Tina, no entanto, manteve sua dignidade artística mesmo em trabalhos menos inspirados, como "I Don't Wanna Lose You" e "Two People". Por outro lado, mostrava bons momentos como as interpretações peculiares de "Help", dos Beatles, e "Let's Stay Together", de Al Green. Na faixa-título do álbum Private Dancer, de 1984, uma curiosidade pode ser feita com uma canção muito conhecida da MPB.

Com uma temática envolvendo erotismo feminino e boemia, "Private Dancer" pode ser comparada a "Folhetim", música de Chico Buarque feita para a também já falecida Gal Costa. O sucesso de Tina Turner é uma composição de Mark Knopfler feita especialmente para a cantora, e, de forma insólita, o estilo de composição de cada autor se torna evidente, como se pudéssemos imaginar cada um deles cantando cada canção, o que devem ter feito na intimidade, para si mesmos, para testar a música que cada um daria para a respectiva cantora.

Tina Turner fez uma apresentação com Mick Jagger no Live Aid, em 1985. Também fez um dueto na música "Tearing Us Apart", com Eric Clapton e, na bateria, Phil Collins, em 1986 (no Brasil, a música foi tocada até como fundo musical no Cassino do Chacrinha, da Rede Globo). E também gravou "It's Only Love", dueto com Bryan Adams, também em 1985. 

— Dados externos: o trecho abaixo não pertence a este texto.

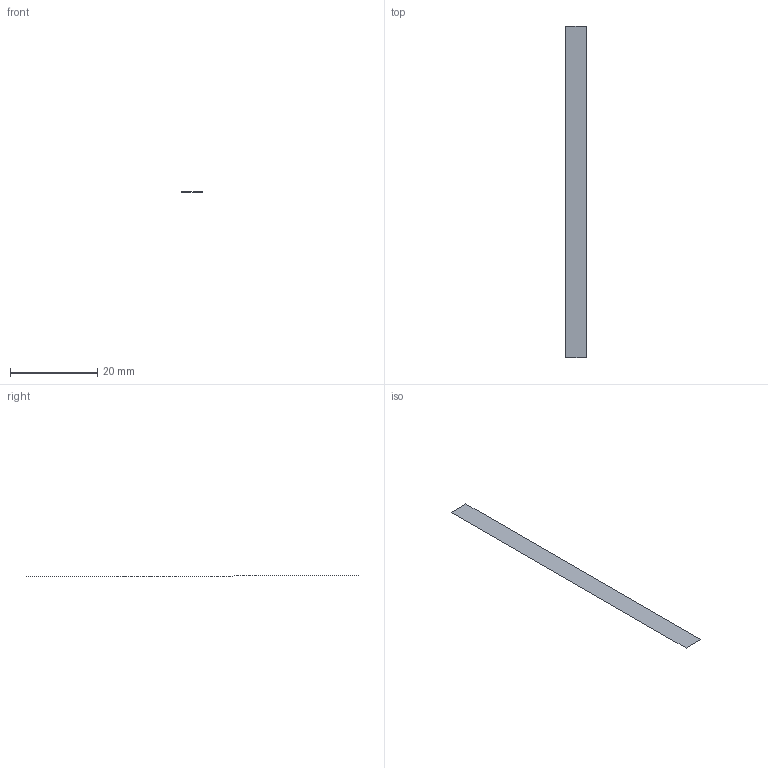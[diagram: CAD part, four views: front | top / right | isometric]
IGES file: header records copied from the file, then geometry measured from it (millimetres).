
Global section: file name: 10SS7015.igs; native system: AutoCAD-18.2s (LMS Tech) (Microsoft Windows NT Version 6.1 (x64)); preprocessor: Autodesk IGES Translator Mechanical Desktop 2011 (Feb 18 2011) from Autodesk, Inc.; date: 20150714.102132; units: inch
Bounding box: 4.78 x 76.2 x 0 mm (x, y, z)
Surface area: 363.9 mm2 (no closed solid volume)
Topology: 0 solids, 0 shells, 1 faces, 4 edges, 4 vertices
Faces by surface type: bspline 1
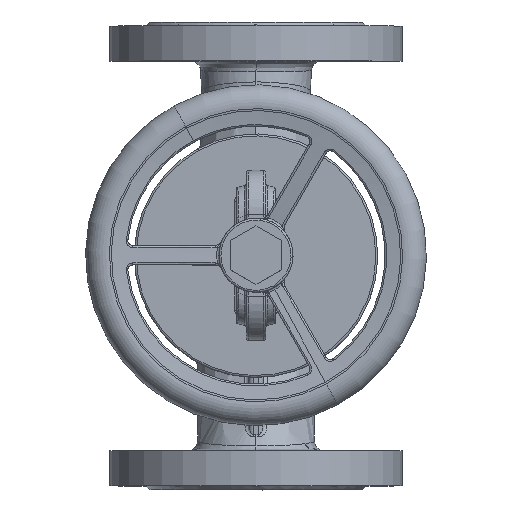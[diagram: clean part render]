
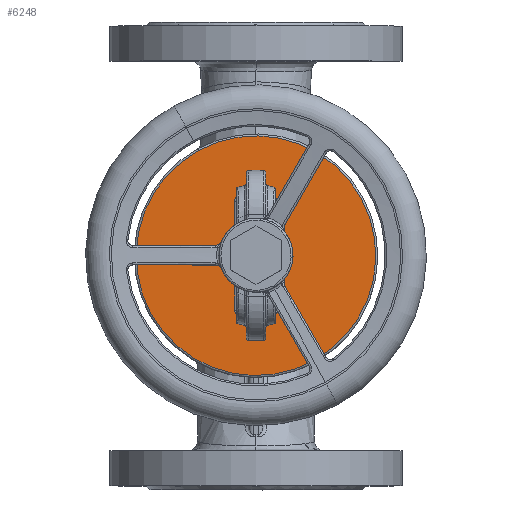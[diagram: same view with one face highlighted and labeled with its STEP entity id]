
A CAD part, top view. The second image highlights one B-rep face of the part: STEP entity #6248.
In plain terms, the highlighted planar face has unit normal (0, 0, 1).
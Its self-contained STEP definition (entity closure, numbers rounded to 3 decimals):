
#6173=AXIS2_PLACEMENT_3D('Plane Axis2P3D',#6170,#6171,#6172) ;
#6177=AXIS2_PLACEMENT_3D('Circle Axis2P3D',#6175,#6176,$) ;
#6186=AXIS2_PLACEMENT_3D('Circle Axis2P3D',#6184,#6185,$) ;
#6195=AXIS2_PLACEMENT_3D('Circle Axis2P3D',#6193,#6194,$) ;
#6235=AXIS2_PLACEMENT_3D('Circle Axis2P3D',#6233,#6234,$) ;
#3055=CARTESIAN_POINT('Line Origine',(22.,0.,168.)) ;
#3059=CARTESIAN_POINT('Vertex',(22.,-55.828,168.)) ;
#3061=CARTESIAN_POINT('Vertex',(22.,55.828,168.)) ;
#4298=CARTESIAN_POINT('Line Origine',(-22.,0.,168.)) ;
#4302=CARTESIAN_POINT('Vertex',(-22.,55.828,168.)) ;
#4304=CARTESIAN_POINT('Vertex',(-22.,-55.828,168.)) ;
#6026=CARTESIAN_POINT('Control Point',(18.979,-60.641,168.)) ;
#6027=CARTESIAN_POINT('Control Point',(19.191,-60.574,168.)) ;
#6028=CARTESIAN_POINT('Control Point',(19.395,-60.491,168.)) ;
#6029=CARTESIAN_POINT('Control Point',(19.59,-60.393,168.)) ;
#6030=CARTESIAN_POINT('Control Point',(20.089,-60.096,168.)) ;
#6031=CARTESIAN_POINT('Control Point',(20.508,-59.725,168.)) ;
#6032=CARTESIAN_POINT('Control Point',(20.743,-59.47,168.)) ;
#6033=CARTESIAN_POINT('Control Point',(21.27,-58.782,168.)) ;
#6034=CARTESIAN_POINT('Control Point',(21.625,-58.022,168.)) ;
#6035=CARTESIAN_POINT('Control Point',(21.786,-57.547,168.)) ;
#6036=CARTESIAN_POINT('Control Point',(21.928,-56.914,168.)) ;
#6037=CARTESIAN_POINT('Control Point',(21.986,-56.276,168.)) ;
#6038=CARTESIAN_POINT('Control Point',(21.995,-56.126,168.)) ;
#6039=CARTESIAN_POINT('Control Point',(22.,-55.977,168.)) ;
#6040=CARTESIAN_POINT('Control Point',(22.,-55.828,168.)) ;
#6041=CARTESIAN_POINT('Vertex',(18.979,-60.641,168.)) ;
#6141=CARTESIAN_POINT('Control Point',(22.,55.828,168.)) ;
#6142=CARTESIAN_POINT('Control Point',(22.,56.344,168.)) ;
#6143=CARTESIAN_POINT('Control Point',(21.946,56.86,168.)) ;
#6144=CARTESIAN_POINT('Control Point',(21.838,57.371,168.)) ;
#6145=CARTESIAN_POINT('Control Point',(21.561,58.212,168.)) ;
#6146=CARTESIAN_POINT('Control Point',(21.103,58.997,168.)) ;
#6147=CARTESIAN_POINT('Control Point',(20.887,59.302,168.)) ;
#6148=CARTESIAN_POINT('Control Point',(20.439,59.813,168.)) ;
#6149=CARTESIAN_POINT('Control Point',(19.87,60.239,168.)) ;
#6150=CARTESIAN_POINT('Control Point',(19.595,60.405,168.)) ;
#6151=CARTESIAN_POINT('Control Point',(19.296,60.541,168.)) ;
#6152=CARTESIAN_POINT('Control Point',(18.979,60.641,168.)) ;
#6153=CARTESIAN_POINT('Vertex',(18.979,60.641,168.)) ;
#6170=CARTESIAN_POINT('Axis2P3D Location',(0.,-125.,168.)) ;
#6175=CARTESIAN_POINT('Axis2P3D Location',(0.,0.,168.)) ;
#6179=CARTESIAN_POINT('Vertex',(58.969,-107.943,168.)) ;
#6181=CARTESIAN_POINT('Vertex',(-58.969,107.943,168.)) ;
#6184=CARTESIAN_POINT('Axis2P3D Location',(0.,0.,168.)) ;
#6193=CARTESIAN_POINT('Axis2P3D Location',(0.,0.,168.)) ;
#6197=CARTESIAN_POINT('Vertex',(-18.979,-60.641,168.)) ;
#6201=CARTESIAN_POINT('Control Point',(-22.,-55.828,168.)) ;
#6202=CARTESIAN_POINT('Control Point',(-22.,-56.344,168.)) ;
#6203=CARTESIAN_POINT('Control Point',(-21.946,-56.86,168.)) ;
#6204=CARTESIAN_POINT('Control Point',(-21.838,-57.371,168.)) ;
#6205=CARTESIAN_POINT('Control Point',(-21.561,-58.212,168.)) ;
#6206=CARTESIAN_POINT('Control Point',(-21.103,-58.997,168.)) ;
#6207=CARTESIAN_POINT('Control Point',(-20.887,-59.302,168.)) ;
#6208=CARTESIAN_POINT('Control Point',(-20.439,-59.813,168.)) ;
#6209=CARTESIAN_POINT('Control Point',(-19.87,-60.239,168.)) ;
#6210=CARTESIAN_POINT('Control Point',(-19.595,-60.405,168.)) ;
#6211=CARTESIAN_POINT('Control Point',(-19.296,-60.541,168.)) ;
#6212=CARTESIAN_POINT('Control Point',(-18.979,-60.641,168.)) ;
#6215=CARTESIAN_POINT('Control Point',(-18.979,60.641,168.)) ;
#6216=CARTESIAN_POINT('Control Point',(-19.191,60.574,168.)) ;
#6217=CARTESIAN_POINT('Control Point',(-19.395,60.491,168.)) ;
#6218=CARTESIAN_POINT('Control Point',(-19.59,60.393,168.)) ;
#6219=CARTESIAN_POINT('Control Point',(-20.089,60.096,168.)) ;
#6220=CARTESIAN_POINT('Control Point',(-20.508,59.725,168.)) ;
#6221=CARTESIAN_POINT('Control Point',(-20.743,59.47,168.)) ;
#6222=CARTESIAN_POINT('Control Point',(-21.27,58.782,168.)) ;
#6223=CARTESIAN_POINT('Control Point',(-21.625,58.022,168.)) ;
#6224=CARTESIAN_POINT('Control Point',(-21.786,57.547,168.)) ;
#6225=CARTESIAN_POINT('Control Point',(-21.928,56.914,168.)) ;
#6226=CARTESIAN_POINT('Control Point',(-21.986,56.276,168.)) ;
#6227=CARTESIAN_POINT('Control Point',(-21.995,56.126,168.)) ;
#6228=CARTESIAN_POINT('Control Point',(-22.,55.977,168.)) ;
#6229=CARTESIAN_POINT('Control Point',(-22.,55.828,168.)) ;
#6230=CARTESIAN_POINT('Vertex',(-18.979,60.641,168.)) ;
#6233=CARTESIAN_POINT('Axis2P3D Location',(0.,0.,168.)) ;
#3056=DIRECTION('Vector Direction',(0.,-1.,0.)) ;
#4299=DIRECTION('Vector Direction',(0.,-1.,0.)) ;
#6171=DIRECTION('Axis2P3D Direction',(0.,0.,1.)) ;
#6172=DIRECTION('Axis2P3D XDirection',(1.,0.,0.)) ;
#6176=DIRECTION('Axis2P3D Direction',(0.,0.,1.)) ;
#6185=DIRECTION('Axis2P3D Direction',(0.,0.,1.)) ;
#6194=DIRECTION('Axis2P3D Direction',(0.,0.,1.)) ;
#6234=DIRECTION('Axis2P3D Direction',(0.,0.,1.)) ;
#3057=VECTOR('Line Direction',#3056,1.) ;
#4300=VECTOR('Line Direction',#4299,1.) ;
#6190=ORIENTED_EDGE('',*,*,#6183,.T.) ;
#6191=ORIENTED_EDGE('',*,*,#6188,.T.) ;
#6239=ORIENTED_EDGE('',*,*,#6043,.F.) ;
#6240=ORIENTED_EDGE('',*,*,#6199,.F.) ;
#6241=ORIENTED_EDGE('',*,*,#6213,.F.) ;
#6242=ORIENTED_EDGE('',*,*,#4306,.F.) ;
#6243=ORIENTED_EDGE('',*,*,#6232,.F.) ;
#6244=ORIENTED_EDGE('',*,*,#6237,.F.) ;
#6245=ORIENTED_EDGE('',*,*,#6155,.F.) ;
#6246=ORIENTED_EDGE('',*,*,#3063,.F.) ;
#6247=FACE_BOUND('',#6238,.T.) ;
#6248=ADVANCED_FACE('PartBody',(#6192,#6247),#6174,.T.) ;
#6025=B_SPLINE_CURVE_WITH_KNOTS('',5,(#6026,#6027,#6028,#6029,#6030,#6031,#6032,#6033,#6034,#6035,#6036,#6037,#6038,#6039,#6040),.UNSPECIFIED.,.F.,.U.,(6,3,3,3,6),(0.,1.219,3.318,6.606,7.605),.UNSPECIFIED.) ;
#6140=B_SPLINE_CURVE_WITH_KNOTS('',5,(#6141,#6142,#6143,#6144,#6145,#6146,#6147,#6148,#6149,#6150,#6151,#6152),.UNSPECIFIED.,.F.,.U.,(6,3,3,6),(0.,3.455,5.783,7.602),.UNSPECIFIED.) ;
#6200=B_SPLINE_CURVE_WITH_KNOTS('',5,(#6201,#6202,#6203,#6204,#6205,#6206,#6207,#6208,#6209,#6210,#6211,#6212),.UNSPECIFIED.,.F.,.U.,(6,3,3,6),(0.,3.457,5.785,7.605),.UNSPECIFIED.) ;
#6214=B_SPLINE_CURVE_WITH_KNOTS('',5,(#6215,#6216,#6217,#6218,#6219,#6220,#6221,#6222,#6223,#6224,#6225,#6226,#6227,#6228,#6229),.UNSPECIFIED.,.F.,.U.,(6,3,3,3,6),(0.,1.219,3.318,6.606,7.605),.UNSPECIFIED.) ;
#6178=CIRCLE('generated circle',#6177,123.) ;
#6187=CIRCLE('generated circle',#6186,123.) ;
#6196=CIRCLE('generated circle',#6195,63.541) ;
#6236=CIRCLE('generated circle',#6235,63.541) ;
#3063=EDGE_CURVE('',#3060,#3062,#3058,.F.) ;
#4306=EDGE_CURVE('',#4303,#4305,#4301,.T.) ;
#6043=EDGE_CURVE('',#6042,#3060,#6025,.T.) ;
#6155=EDGE_CURVE('',#3062,#6154,#6140,.T.) ;
#6183=EDGE_CURVE('',#6180,#6182,#6178,.T.) ;
#6188=EDGE_CURVE('',#6182,#6180,#6187,.T.) ;
#6199=EDGE_CURVE('',#6198,#6042,#6196,.T.) ;
#6213=EDGE_CURVE('',#4305,#6198,#6200,.T.) ;
#6232=EDGE_CURVE('',#6231,#4303,#6214,.T.) ;
#6237=EDGE_CURVE('',#6154,#6231,#6236,.T.) ;
#6189=EDGE_LOOP('',(#6190,#6191)) ;
#6238=EDGE_LOOP('',(#6239,#6240,#6241,#6242,#6243,#6244,#6245,#6246)) ;
#6192=FACE_OUTER_BOUND('',#6189,.T.) ;
#3058=LINE('Line',#3055,#3057) ;
#4301=LINE('Line',#4298,#4300) ;
#6174=PLANE('',#6173) ;
#3060=VERTEX_POINT('',#3059) ;
#3062=VERTEX_POINT('',#3061) ;
#4303=VERTEX_POINT('',#4302) ;
#4305=VERTEX_POINT('',#4304) ;
#6042=VERTEX_POINT('',#6041) ;
#6154=VERTEX_POINT('',#6153) ;
#6180=VERTEX_POINT('',#6179) ;
#6182=VERTEX_POINT('',#6181) ;
#6198=VERTEX_POINT('',#6197) ;
#6231=VERTEX_POINT('',#6230) ;

Como atriz, participou do filme Mad Max - Além da Cúpula do Trovão (Mad Max Beyond Thunderdome) no papel de uma vilã, enquanto era incluída na trilha sonora com o sucesso "We Don't Need Another Hero", outro bom momento de Tina. Ela também havia atuado no filme Tommy, de 1975, baseado na opera-rock da banda The Who. Em trilhas sonoras, Tina emplacou a canção "Golden Eye", para o filme do mesmo nome da franquia 007.

Em 1989, Tina Turner lançou "The Best" (do refrão "You're simply the best"), música de Holly Knight e Mike Chapman (produtor do Blondie - a banda de Debbie Harry, por isso, homenageou Tina no seu perfil oficial do Instagram), inicialmente gravada em 1988 pela cantora inglesa Bonnie Tyler.

Tina em 1986 lançou a biografia I Tina, que virou best seller e foi adaptada para o cinema em 1993, tendo Angela Bassett no papel da cantora. Em 1988, Tina Turner se apresentou no Maracanã, no Rio de Janeiro, cuja plateia de cerca de 182 mil pessoas fez a cantora entrar no livro Guiness de recordes mundais como o maior concerto feito por uma artista solo na história.

Nos últimos anos, várias coisas aconteceram. Ike Turner faleceu de overdose em 2007. Tina Turner tornou-se budista, se aposentou em 2009, passou a viver na Suíça com o marido dos últimos anos, o produtor e empresário Erwin Back, dezessete anos mais novo. Dois filhos do casamento com Ike, Craig e Ronnie, faleceram, um de suicídio em 2018, outro de câncer em 2022. Tina deixou dois outros filhos do ex-marido, por ela adotados, Ike Turner Jr. e Michael Turner.

Tina Turner faleceu pacificamente, conforme anunciou o comunicado oficial. Numa de suas apresentações antes da aposentadoria, Tina falou que sua vida "não foi boa". No entanto, procurou viver os últimos anos em paz e com tranquilidade, em outro país, numa rotina diferente. E, diante da futilidade que está o mainstream hoje em dia, Tina Turner representa uma grande lição de dignidade e perseverança que sempre teve ao longo de sua carreira e, certamente, ela inspirará futuras gerações.